Among the museum's treasures was the largest collection ever exhibited in one place of the specimens and artifacts brought back by Captain Cook on his three Pacific voyages.

"They were really wonderful pieces that have stood the test of time," says Kaeppler.

Pieces from the collection are still used by scientists today. One of those scientists will be Teresa Wilkins, an IU doctoral student in the History of Art department who studies Oceanic art. She came from Florida especially to attend Dr. Kaeppler's lecture.

"My whole life is devoted to looking at the provenance of Cook pieces," Wilkins said. "I'm a huge fan of Adrienne's."

'Just jealousy'



The Holophusicon was opposed by some members British scientific establishment, such as Sir Joseph Banks of the British Museum. Banks refused to take the contents of Holophusicon when the museum closed-even though its collection was in some ways superior to that of British Museum's.

"When it was offered to British Museum," Kaeppler says, "Sir Joseph Banks said, ‘There's nothing here worth having.'"

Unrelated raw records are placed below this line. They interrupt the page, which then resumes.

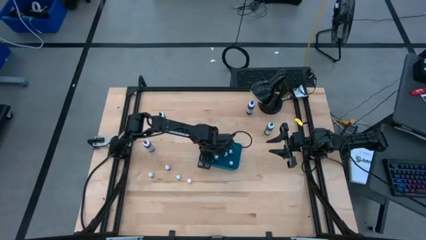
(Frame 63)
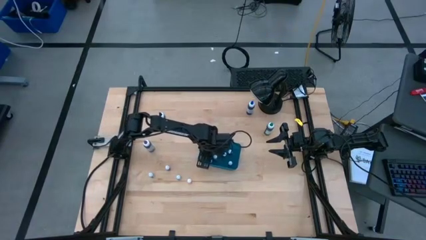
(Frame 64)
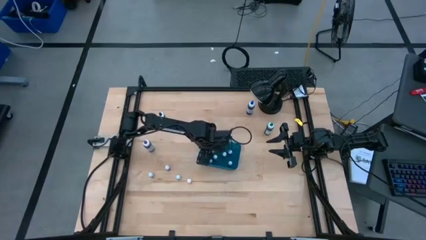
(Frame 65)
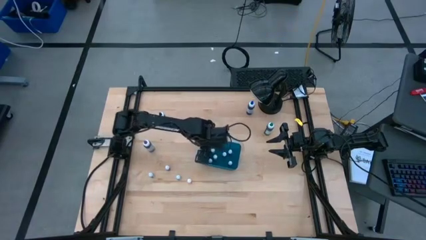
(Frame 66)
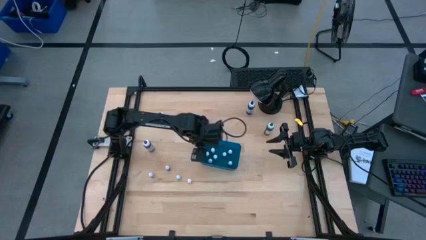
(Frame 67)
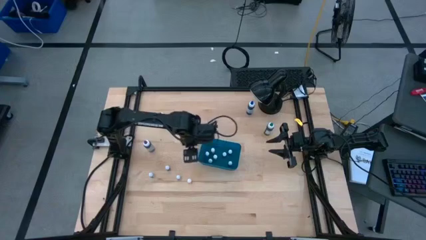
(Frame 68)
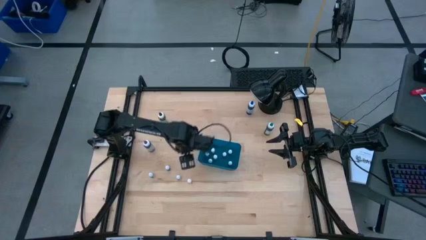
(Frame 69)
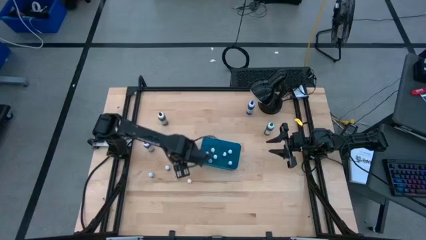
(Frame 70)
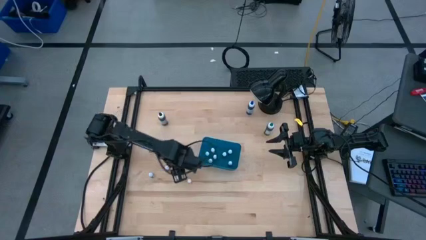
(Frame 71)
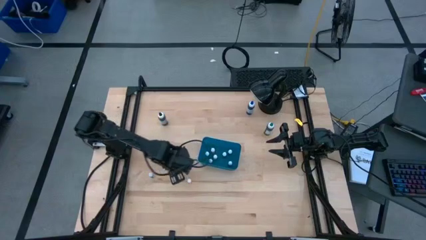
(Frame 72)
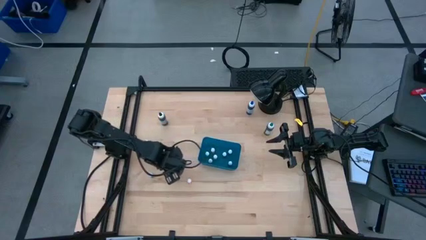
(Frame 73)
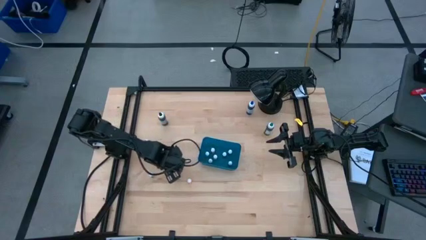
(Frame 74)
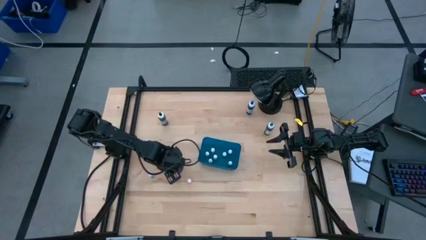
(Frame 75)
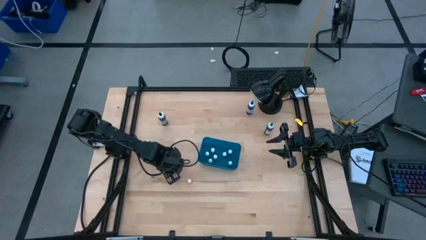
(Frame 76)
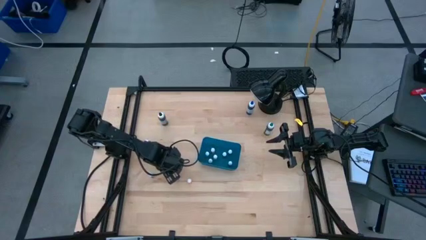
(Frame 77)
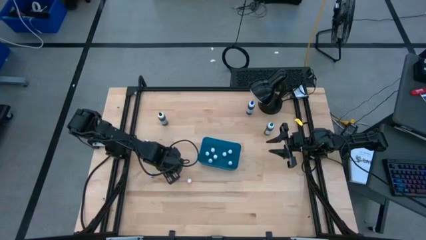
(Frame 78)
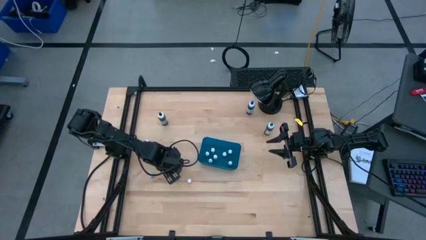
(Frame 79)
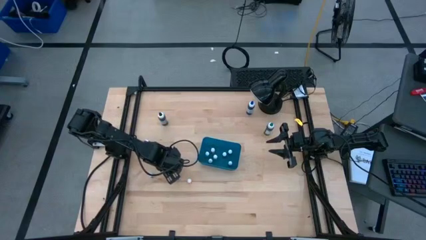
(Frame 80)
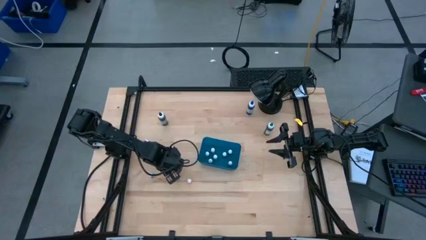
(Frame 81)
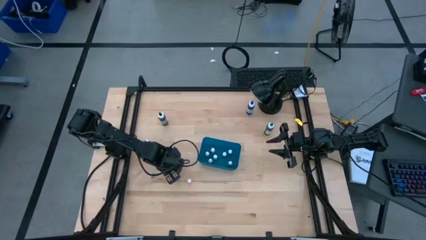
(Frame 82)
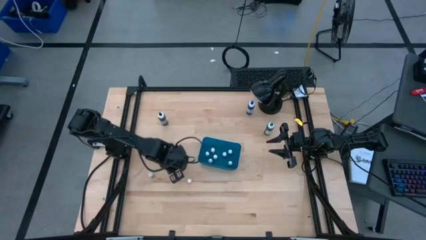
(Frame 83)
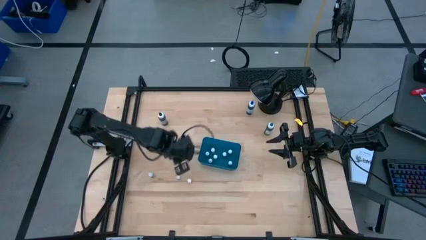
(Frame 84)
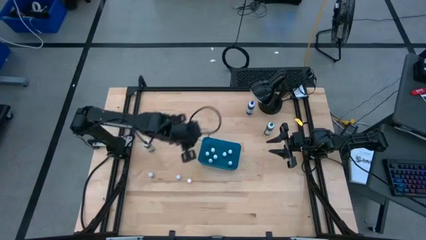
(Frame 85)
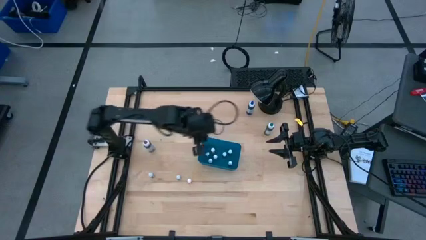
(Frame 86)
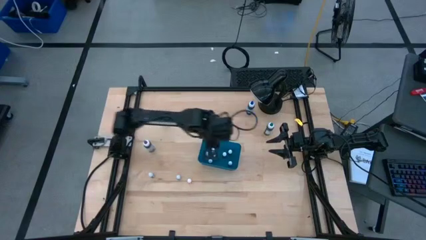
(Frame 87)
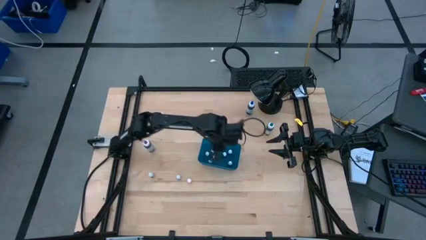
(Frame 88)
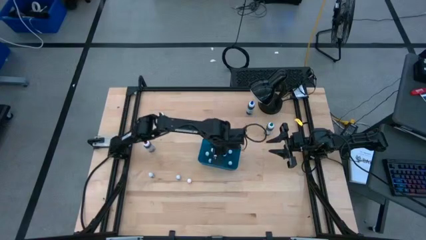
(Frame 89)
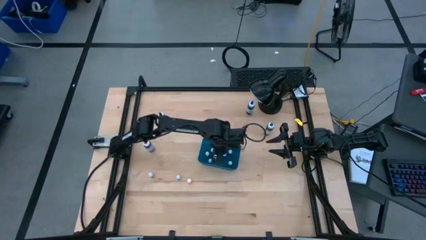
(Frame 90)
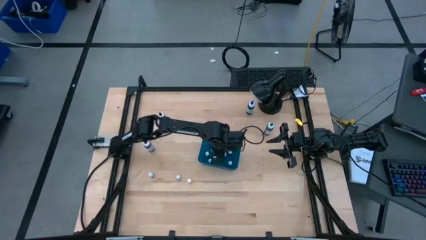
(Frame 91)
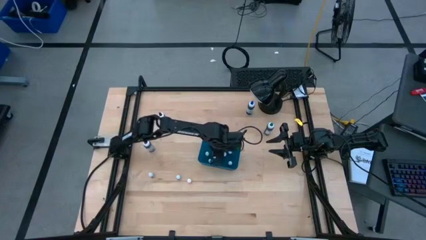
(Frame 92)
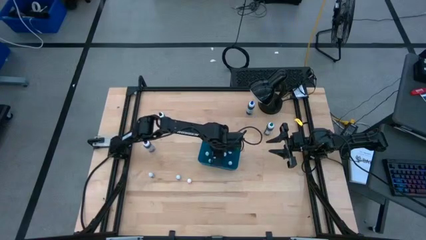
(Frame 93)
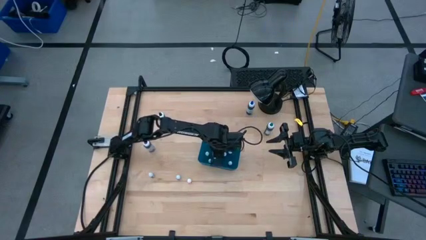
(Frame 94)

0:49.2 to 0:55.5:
Task: Pick & Place food coloring
Put the small violet food coloring bottle into the blue bin

"He was a rival collector," adds Kaeppler. "He did not want any other people giving to the collection, or getting credit for having a better collection than he did. It was just jealousy!"

The Search Begins



Ultimately, Lever couldn't afford operate the Holophusicon and closed it in 1806. It had been in operation only thirty years. The collection was divided into 7,000 lots and sold at auction. Kaeppler's task to find where the pieces had gone, a process she compares to finding to detective work.

"You find a dead body and then you say, ‘Where do I start?'"

She started her search by rounding up the auction catalogs. This was, she notes, before the advent of the Internet. Crisscrossing the globe, she eventually turned up twelve catalogs.

She knew that collection had been auctioned off to 140 purchasers. She had to find out who these purchasers were, what items they bought-even what the items were called back then.

To illustrate, she holds up a paper coffee container. "Was this cup called a cup, or was it called a paper stand?"

The Illustrator



In her detective work Kaeppler had an ally in a young 18th-century artist named Sarah Stone. Stone had painted hundreds of watercolors of the museum objects, all done in meticulous detail.

"What important about [Stone's] drawings is that she was so precise. Especially for ethnographic objects-all of which are unique, of course-she did the details so well, that if, for example, an object had seventeen points on it, she usually did the seventeen points. Whereas other objects of its type might have twenty-five or six . . . . From her ethnographic drawings she made it easy to identify specific things."

Never-ending Search



Although Kaeppler's book on the Holophusicon is finished, her quest to find still-missing pieces of the museum's collection continues.

"Every museum I go to, I'm looking for those things that have been illustrated and not yet found."

"It's one of those things that, you'll never be done. The end will never be there."